TwinMind Co-founders Sunny Tang, Daniel George, and Mahi Karim (From Left to Proper)Picture Credit:TwinMind
Earlier than becoming a member of Google, George labored on making use of deep studying to gravitational wave astrophysics as a part of the Nobel Prize–profitable LIGO group on the College of Illinois’ Nationwide Heart for Supercomputing Purposes. He had accomplished his PhD in AI for astrophysics in only one 12 months — on the age of 24 — a feat that led him to hitch Stephen Wolfram’s analysis lab in 2017 as a deep studying and AI researcher.

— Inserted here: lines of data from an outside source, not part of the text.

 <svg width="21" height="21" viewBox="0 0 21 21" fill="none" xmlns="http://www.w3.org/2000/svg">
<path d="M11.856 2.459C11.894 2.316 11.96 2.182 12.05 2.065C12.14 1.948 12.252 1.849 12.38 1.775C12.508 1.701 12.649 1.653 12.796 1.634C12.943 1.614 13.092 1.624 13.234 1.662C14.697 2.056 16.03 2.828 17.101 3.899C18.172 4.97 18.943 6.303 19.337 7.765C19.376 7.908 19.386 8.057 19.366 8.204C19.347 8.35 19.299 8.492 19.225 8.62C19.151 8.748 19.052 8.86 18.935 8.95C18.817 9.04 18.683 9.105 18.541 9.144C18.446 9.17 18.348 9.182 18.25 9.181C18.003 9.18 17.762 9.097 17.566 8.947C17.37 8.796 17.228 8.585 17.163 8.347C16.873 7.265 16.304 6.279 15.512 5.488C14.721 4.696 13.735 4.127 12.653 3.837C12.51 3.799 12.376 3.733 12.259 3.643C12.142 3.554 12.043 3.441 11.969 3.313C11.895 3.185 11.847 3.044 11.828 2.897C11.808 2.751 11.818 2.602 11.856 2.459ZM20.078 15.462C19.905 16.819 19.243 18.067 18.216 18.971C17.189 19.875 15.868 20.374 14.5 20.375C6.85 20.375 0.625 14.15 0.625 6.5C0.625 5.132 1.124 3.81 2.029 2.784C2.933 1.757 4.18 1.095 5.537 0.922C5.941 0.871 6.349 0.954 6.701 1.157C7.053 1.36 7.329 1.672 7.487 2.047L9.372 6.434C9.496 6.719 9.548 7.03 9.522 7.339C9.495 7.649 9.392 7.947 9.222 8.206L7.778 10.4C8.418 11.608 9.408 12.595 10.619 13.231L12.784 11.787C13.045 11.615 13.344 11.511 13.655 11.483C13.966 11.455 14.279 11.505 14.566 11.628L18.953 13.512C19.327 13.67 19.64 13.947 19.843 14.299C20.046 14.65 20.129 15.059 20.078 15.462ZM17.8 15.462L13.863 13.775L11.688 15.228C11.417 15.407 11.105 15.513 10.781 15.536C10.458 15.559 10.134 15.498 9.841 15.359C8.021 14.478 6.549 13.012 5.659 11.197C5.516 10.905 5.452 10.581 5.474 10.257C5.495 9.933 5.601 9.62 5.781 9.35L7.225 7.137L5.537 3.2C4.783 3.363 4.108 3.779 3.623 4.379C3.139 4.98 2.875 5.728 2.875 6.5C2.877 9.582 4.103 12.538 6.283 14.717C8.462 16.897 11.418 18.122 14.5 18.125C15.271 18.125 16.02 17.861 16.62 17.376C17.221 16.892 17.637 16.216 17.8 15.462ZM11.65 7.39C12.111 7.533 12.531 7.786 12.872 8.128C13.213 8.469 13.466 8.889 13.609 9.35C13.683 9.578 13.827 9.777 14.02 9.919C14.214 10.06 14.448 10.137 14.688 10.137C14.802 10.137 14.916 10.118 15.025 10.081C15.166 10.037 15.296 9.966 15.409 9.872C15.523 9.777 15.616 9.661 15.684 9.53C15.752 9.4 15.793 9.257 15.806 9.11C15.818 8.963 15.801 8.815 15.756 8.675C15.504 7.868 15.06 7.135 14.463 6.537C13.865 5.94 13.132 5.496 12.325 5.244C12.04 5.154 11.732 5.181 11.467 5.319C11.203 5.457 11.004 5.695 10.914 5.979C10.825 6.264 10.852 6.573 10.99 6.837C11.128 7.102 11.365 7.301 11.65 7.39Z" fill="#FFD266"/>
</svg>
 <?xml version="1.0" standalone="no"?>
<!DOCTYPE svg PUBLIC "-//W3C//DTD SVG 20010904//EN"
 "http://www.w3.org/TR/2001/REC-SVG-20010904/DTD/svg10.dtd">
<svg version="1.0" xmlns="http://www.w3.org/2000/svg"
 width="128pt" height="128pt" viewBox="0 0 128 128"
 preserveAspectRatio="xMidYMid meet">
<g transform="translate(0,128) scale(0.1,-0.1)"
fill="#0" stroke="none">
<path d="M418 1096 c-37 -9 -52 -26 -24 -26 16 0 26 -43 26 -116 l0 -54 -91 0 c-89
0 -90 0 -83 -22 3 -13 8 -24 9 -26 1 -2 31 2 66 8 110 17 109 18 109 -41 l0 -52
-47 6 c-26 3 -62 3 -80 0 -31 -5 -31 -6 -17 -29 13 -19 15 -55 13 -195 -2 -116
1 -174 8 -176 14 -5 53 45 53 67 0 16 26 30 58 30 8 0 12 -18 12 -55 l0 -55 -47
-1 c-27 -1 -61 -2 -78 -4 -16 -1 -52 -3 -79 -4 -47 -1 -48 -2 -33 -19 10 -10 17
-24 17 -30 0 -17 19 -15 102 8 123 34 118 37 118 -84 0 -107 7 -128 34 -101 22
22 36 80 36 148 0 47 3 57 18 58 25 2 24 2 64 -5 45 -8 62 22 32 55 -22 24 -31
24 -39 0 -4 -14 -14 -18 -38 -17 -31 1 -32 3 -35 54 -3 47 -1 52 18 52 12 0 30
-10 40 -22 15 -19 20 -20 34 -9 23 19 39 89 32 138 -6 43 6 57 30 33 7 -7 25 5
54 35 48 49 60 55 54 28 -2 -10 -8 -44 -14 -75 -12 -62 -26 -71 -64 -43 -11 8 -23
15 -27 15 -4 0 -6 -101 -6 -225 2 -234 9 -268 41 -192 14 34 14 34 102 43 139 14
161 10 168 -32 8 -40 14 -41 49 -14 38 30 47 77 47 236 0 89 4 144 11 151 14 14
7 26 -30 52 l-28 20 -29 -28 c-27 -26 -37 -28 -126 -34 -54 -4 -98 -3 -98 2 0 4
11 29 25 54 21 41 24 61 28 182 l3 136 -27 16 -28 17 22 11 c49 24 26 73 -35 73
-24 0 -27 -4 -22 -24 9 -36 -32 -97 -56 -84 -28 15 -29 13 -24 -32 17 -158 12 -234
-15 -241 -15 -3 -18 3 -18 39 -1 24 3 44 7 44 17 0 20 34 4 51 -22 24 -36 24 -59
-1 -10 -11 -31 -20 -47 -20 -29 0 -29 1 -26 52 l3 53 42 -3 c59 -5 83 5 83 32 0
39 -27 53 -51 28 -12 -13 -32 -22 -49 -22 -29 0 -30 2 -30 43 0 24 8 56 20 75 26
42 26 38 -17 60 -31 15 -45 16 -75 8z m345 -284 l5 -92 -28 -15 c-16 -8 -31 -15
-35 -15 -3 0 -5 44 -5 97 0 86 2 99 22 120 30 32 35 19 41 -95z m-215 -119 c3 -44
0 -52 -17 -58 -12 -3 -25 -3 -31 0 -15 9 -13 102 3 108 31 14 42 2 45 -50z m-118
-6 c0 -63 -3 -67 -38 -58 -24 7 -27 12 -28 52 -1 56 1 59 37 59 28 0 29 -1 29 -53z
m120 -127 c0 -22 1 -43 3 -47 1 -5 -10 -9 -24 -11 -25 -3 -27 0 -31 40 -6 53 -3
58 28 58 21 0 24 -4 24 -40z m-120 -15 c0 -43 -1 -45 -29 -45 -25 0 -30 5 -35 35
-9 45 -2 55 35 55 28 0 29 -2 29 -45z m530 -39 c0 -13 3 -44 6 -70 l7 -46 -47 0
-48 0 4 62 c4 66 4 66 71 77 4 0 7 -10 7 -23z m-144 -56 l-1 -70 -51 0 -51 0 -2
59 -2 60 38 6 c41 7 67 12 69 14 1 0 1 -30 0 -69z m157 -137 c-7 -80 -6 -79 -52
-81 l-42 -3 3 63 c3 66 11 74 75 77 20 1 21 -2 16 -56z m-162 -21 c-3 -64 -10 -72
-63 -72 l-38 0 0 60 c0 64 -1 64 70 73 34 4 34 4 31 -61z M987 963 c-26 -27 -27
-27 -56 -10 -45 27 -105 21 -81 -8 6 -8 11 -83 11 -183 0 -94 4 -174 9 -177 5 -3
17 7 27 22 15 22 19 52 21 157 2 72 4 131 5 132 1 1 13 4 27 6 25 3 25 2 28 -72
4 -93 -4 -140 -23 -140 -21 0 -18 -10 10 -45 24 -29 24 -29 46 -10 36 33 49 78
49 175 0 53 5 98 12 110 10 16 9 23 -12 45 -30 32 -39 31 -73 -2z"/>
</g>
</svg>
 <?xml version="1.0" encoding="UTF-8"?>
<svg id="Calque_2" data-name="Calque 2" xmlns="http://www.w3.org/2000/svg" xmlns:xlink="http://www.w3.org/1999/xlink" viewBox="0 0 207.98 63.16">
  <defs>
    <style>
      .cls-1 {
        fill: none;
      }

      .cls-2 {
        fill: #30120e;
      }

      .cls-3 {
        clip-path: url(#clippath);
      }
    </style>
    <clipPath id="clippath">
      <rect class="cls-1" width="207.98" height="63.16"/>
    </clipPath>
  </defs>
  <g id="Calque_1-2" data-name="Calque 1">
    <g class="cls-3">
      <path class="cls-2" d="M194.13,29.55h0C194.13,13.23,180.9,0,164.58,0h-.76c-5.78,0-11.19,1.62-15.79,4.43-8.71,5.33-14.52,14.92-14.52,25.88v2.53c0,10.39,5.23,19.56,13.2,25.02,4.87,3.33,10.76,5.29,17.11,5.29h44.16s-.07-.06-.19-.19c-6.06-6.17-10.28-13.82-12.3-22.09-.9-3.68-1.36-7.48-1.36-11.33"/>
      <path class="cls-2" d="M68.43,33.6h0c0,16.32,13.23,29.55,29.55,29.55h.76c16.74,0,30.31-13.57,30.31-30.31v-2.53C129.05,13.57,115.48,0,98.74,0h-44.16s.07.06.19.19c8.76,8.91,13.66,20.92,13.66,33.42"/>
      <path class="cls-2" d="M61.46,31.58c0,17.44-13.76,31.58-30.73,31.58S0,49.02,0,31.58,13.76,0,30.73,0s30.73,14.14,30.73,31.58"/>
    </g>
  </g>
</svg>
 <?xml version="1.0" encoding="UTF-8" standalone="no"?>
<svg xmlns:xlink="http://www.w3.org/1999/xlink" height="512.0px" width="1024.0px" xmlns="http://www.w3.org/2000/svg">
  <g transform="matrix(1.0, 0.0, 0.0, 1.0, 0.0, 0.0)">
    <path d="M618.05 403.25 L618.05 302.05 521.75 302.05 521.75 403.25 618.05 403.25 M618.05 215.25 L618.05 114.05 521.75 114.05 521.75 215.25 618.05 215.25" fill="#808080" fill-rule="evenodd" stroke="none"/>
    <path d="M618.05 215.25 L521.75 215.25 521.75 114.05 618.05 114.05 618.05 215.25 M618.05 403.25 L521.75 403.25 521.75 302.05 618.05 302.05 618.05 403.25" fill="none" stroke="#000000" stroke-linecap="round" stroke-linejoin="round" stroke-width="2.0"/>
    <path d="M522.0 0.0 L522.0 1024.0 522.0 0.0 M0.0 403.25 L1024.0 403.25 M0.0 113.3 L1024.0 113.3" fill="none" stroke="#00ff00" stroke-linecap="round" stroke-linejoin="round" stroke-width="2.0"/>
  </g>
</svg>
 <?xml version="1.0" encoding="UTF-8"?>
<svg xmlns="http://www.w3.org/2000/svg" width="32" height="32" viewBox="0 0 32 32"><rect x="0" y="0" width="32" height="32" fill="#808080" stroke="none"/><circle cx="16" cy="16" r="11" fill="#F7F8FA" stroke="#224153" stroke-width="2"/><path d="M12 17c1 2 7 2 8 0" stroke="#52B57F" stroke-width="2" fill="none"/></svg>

That early reference to Wolfram got here full circle years later — he ended up writing the primary test for TwinMind, marking his first-ever funding in a startup. The current seed spherical was led by Streamlined Ventures, with participation from Sequoia Capital and different traders, together with Wolfram. The spherical values TwinMind at $60 million post-money.
TwinMind Ear-3 mannequin
Along with its apps and browser extension, TwinMind has additionally launched the TwinMind Ear-3 mannequin, a successor to its present Ear-2, which helps over 140 languages worldwide and has a phrase error fee of 5.26%, the startup stated. The brand new mannequin may also acknowledge completely different audio system in a dialog and has a speaker diarization error fee of three.8%.
The brand new AI mannequin is a fine-tuned mix of a number of open-source fashions, educated on a curated set of human-annotated web information — together with podcasts, movies, and films.
“We discovered that the extra languages you assist, the higher the mannequin will get at understanding accents and regional dialects as a result of it’s coaching on a broader vary of audio system,” George stated.
The mannequin prices $0.23/ hour and can be accessible via an API to builders and enterprises over the following few weeks.
Picture Credit:TwinMind
The Ear-3, not like the Ear-2, doesn’t assist an entire offline expertise, as it’s bigger in dimension and runs on the cloud. Nevertheless, the app robotically switches to Ear-2 if the web goes away after which strikes again to Ear-3 when it’s again, George stated.
With the introduction of the Ear-3, TwinMind now provides a Professional subscription at $15/month, with a bigger context window of as much as 2 million tokens and electronic mail assist inside 24 hours. Nonetheless, the free model nonetheless exists with all the present options together with limitless hours of transcriptions and on-device speech recognition.
The startup presently has a workforce of 11 members. It plans to rent a number of designers to reinforce its person expertise and arrange a enterprise improvement workforce to promote its API. Moreover, there are plans to spend some cash on buying new customers.